My mind swirls as panic like I’ve never felt before flits through me.
Am I just a backup? The rebound? Is it technically a rebound when I had him first?
He must see me spiraling because he steps in front of me and takes hold of my shoulders.
“Look closer, baby,” he whispers, and I do. I take him in, noting how he’s now completely naked. He must have finished undressing while I was stuck in my head. My eyes roam up his body until I get to his chest and I finally see the words written on his heart. My breath stutters, making me choke on air.
Little warrior.
My nickname.
My nickname, written on his heart. Accompanied by a dahlia with a dagger through it, just like the necklace he bought me.
“Why?” I hear myself whispering.
He chuckles. “You’ve always owned me, Sloane. I may have called you mine just now in the bedroom, but I’m yours just as much. I always have been, and I always will be.” He taps the tattoo. “This was just one way of keeping you close to me. A way to remind myself that I did what I had to do for you. For your safety and your wellbeing. It feels like everything I’ve ever done has been for you. You’re my purpose, Sloane. No amount of time or distance has ever, or will ever, change that.”
He’s so sincere, so damn genuine that it makes my head spin. I knew going into this that he wanted me in his life again, but seeing the poof of that? Hearing the words he’s telling me? It makes it all feel very fucking real.
And I’m honestly not sure I’m ready for that.
Of course, Marco can read the hesitation written all over my face, because he gives me a grim smile as he starts to wash my body.
“Enough talk for tonight.
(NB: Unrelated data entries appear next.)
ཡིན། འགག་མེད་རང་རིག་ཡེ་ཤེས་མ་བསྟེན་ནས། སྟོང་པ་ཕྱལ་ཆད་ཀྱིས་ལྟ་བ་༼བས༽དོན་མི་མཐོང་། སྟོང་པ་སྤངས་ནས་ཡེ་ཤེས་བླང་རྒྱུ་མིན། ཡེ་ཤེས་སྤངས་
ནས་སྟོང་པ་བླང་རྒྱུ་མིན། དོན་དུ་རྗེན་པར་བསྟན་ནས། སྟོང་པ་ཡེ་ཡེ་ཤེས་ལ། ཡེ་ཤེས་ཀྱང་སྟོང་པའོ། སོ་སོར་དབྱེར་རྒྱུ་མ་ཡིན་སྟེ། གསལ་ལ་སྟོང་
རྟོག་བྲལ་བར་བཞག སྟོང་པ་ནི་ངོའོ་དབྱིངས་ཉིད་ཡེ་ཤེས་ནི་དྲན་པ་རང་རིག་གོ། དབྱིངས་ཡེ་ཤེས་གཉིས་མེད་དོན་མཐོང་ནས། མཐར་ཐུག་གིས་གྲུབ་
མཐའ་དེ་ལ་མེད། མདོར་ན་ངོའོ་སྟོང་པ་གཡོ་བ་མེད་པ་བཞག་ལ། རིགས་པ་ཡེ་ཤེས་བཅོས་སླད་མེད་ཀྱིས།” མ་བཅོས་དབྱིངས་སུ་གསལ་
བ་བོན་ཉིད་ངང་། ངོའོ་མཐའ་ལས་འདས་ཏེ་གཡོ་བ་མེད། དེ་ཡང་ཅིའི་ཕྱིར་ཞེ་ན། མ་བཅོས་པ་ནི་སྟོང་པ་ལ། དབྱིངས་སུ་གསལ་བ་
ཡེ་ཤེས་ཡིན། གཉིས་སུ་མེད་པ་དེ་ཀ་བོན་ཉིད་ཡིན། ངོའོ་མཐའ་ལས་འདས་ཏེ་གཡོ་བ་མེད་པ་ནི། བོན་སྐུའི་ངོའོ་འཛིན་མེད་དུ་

There are no expectations here, Sloane. I don’t think that just because we’ve shared what we have tonight that we’re suddenly back together. I know that ifwe ever do get to that point, that it’ll take a lot of work on both our parts. Tonight, we can just enjoy each other and worry about everything else tomorrow, okay?”
Tomorrow.
I can do that.
“Tomorrow,” I whisper my agreement, and he smiles so fucking sweetly at me that it makes my stomach flip.
Marco cleans us both before turning the shower off. He wraps a towel around me and gives me a nod before wrapping a towel around his own waist and leaving the bathroom, leaving me to wonder what the hell happens next. He said one night, so does that mean he wants me to stay? Or are we done for the night? Does he want me to leave?
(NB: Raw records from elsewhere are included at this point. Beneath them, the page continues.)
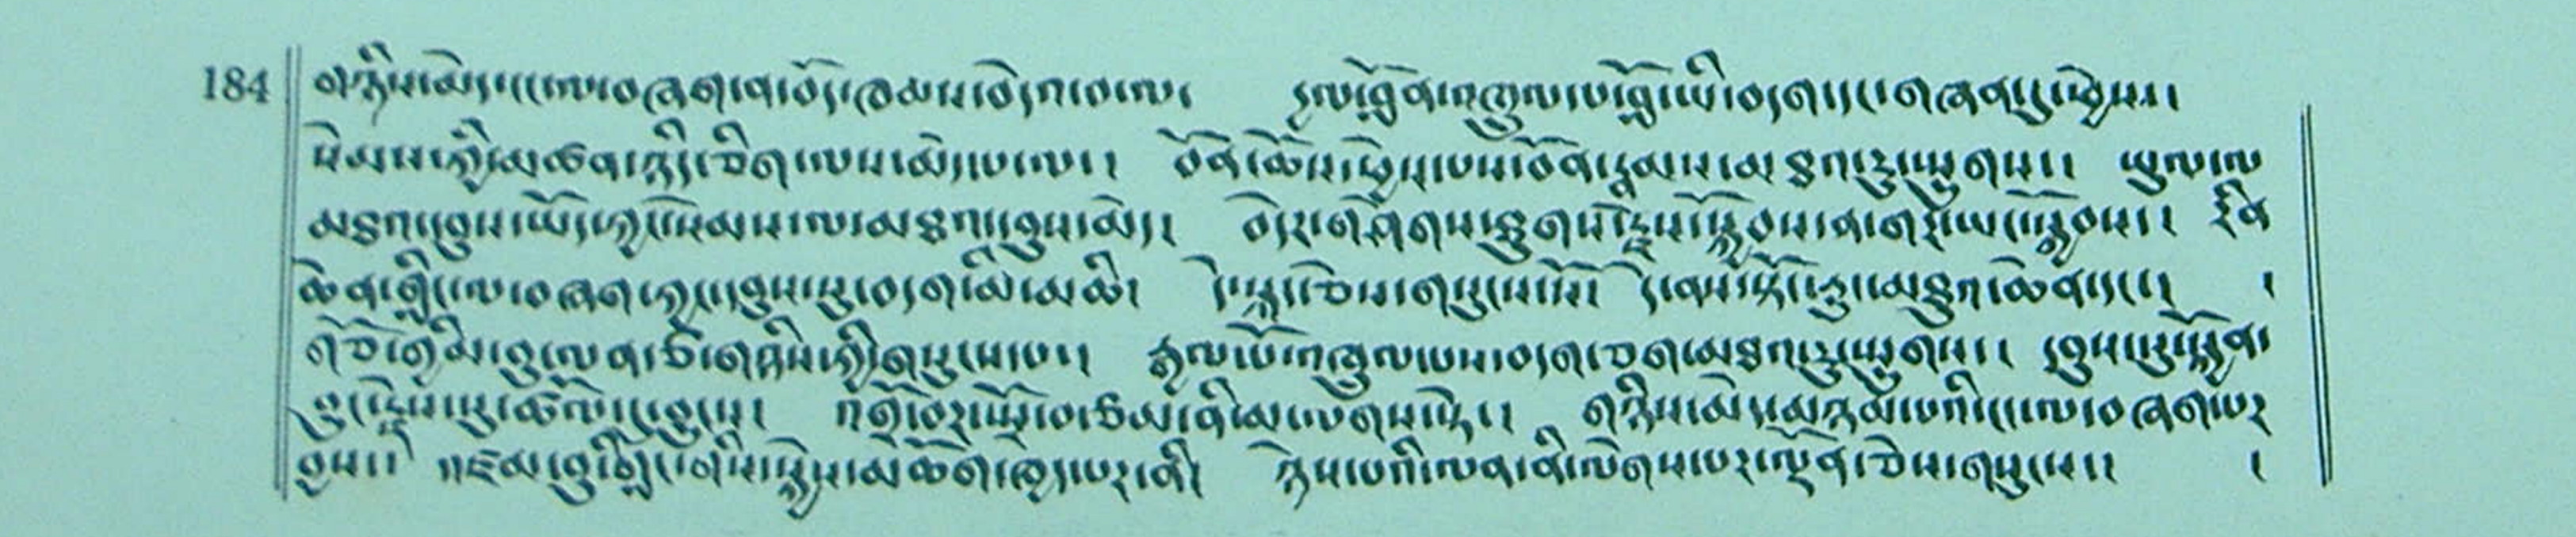གཉིས་མེད་ངང་ལ་བཞག་ན་བོད་ཁམས་བདེའ་བ་ལ། རྒྱལ་བློན་འཁྲུལ་བ་བློ་ཡི་བདག་དང་གཞན་དུ་ཕྱེས། 
སེམས་ཀྱི་མཚན་ཉིད་ཅིག་ལས་མེད་པ་ལ། བོན་ཆོས་ཕྱེས་པས་བོན་རྣམས་མཐའ་རུ་སྤྱུགས། ཡུལ་ལ་
མཐའ་དབུས་ཡོད་ཀྱང་སེམས་ལ་མཐའ་དབུས་མེད། བདེར་གཤེགས་ཐུགས་རྗེ་སྐྱོབས་ན་གར་ཡང་སྐྱོབས། རིན་
ཆེན་གླིང་ལ་བཞག་ཀྱང་དབུས་སུ་བདག་མི་མཆི། དེ་སྐད་ཅེས་གསུངས་སོ། དེ་ནས་སྟོང་རྒྱུང་མཐུ་ཆེན་དང་
གཅོ་གྱིམ་བུ་ལན་ཙ་གཉིས་ཀྱིས་གསུངས་པ། རྒྱལ་བོ་འཁྲུལ་བས་བདག་ཅག་མཐའ་རུ་སྤྱུགས། དབུས་སུ་སྐྱོན་
བྱུང་རྗེས་སུ་ཚོལ་དུ་བྱུངས། འགྲོ་བར་སྤྲོ་བ་ཙམ་ནི་མ་ལགས་ཏེ། གཉིས་མེད་མཉམ་པའི་ངང་ལ་བཞག་པར་
བྱས། འཛམ་བུ་གླིང་གི་སྐྱེས་མཆོག་ཁྱད་པར་ནི། ཉེས་པའི་ལན་ནི་ལེགས་པར་ལྡོན་ཅེས་གསུངས།

Like he can read my thoughts, he calls out, “Hurry your ass up, Sloane. I’m not done with you yet.”
I take a deep breath and chance a look in the mirror. A stranger stares back at me, or maybe an old friend? I look like a mixture of the old and the new me. I haven’t had that lightness in my eyes in years, but I’m not naïve enough to think I can get the old me back.
I don’t think I’d want that, anyways.
To be truly happy would mean letting go of the past.
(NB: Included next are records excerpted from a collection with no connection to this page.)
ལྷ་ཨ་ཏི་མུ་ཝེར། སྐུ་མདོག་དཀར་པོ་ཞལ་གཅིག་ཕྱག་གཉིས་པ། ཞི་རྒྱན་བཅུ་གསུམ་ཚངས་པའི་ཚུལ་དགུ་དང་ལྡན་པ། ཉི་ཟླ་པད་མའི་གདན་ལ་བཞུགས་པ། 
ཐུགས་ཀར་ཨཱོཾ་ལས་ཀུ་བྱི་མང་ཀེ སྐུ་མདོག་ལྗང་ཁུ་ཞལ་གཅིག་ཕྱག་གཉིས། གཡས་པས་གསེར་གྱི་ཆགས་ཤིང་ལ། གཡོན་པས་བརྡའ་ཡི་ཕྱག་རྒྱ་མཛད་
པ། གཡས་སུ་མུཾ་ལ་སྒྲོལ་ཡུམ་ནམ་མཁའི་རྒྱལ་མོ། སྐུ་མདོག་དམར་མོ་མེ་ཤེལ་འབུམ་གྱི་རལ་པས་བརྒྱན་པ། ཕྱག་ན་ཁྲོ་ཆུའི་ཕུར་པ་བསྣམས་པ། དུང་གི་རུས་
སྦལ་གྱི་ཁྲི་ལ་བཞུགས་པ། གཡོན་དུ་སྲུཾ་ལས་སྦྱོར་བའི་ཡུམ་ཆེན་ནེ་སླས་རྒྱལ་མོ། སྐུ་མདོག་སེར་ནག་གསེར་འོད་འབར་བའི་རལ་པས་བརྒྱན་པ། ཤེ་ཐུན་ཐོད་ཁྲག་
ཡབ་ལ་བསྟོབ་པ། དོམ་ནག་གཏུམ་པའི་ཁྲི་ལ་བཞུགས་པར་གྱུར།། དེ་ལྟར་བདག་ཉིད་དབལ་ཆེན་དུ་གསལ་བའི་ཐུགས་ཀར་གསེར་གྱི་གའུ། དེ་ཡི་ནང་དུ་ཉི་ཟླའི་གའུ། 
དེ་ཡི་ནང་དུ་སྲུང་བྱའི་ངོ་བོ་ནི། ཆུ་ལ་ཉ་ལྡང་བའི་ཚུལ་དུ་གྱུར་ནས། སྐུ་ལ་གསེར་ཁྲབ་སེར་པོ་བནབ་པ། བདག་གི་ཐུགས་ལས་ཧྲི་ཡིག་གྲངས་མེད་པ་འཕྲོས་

To let go of the past would be to make peace with the death of my baby.
That’s not something I’ll ever be able to do.
I manage to shake myself out of my stupor and put on a smile before heading back out into the bedroom.
“You good?” Marco asks from where he lays on the bed in only a pair of briefs, his hands resting behind his head. I nod and smile at him, which seems to put him at ease before he pats the bed next to him.
“We’ll deal with everything else tomorrow.”
I guess that means I’m staying the night.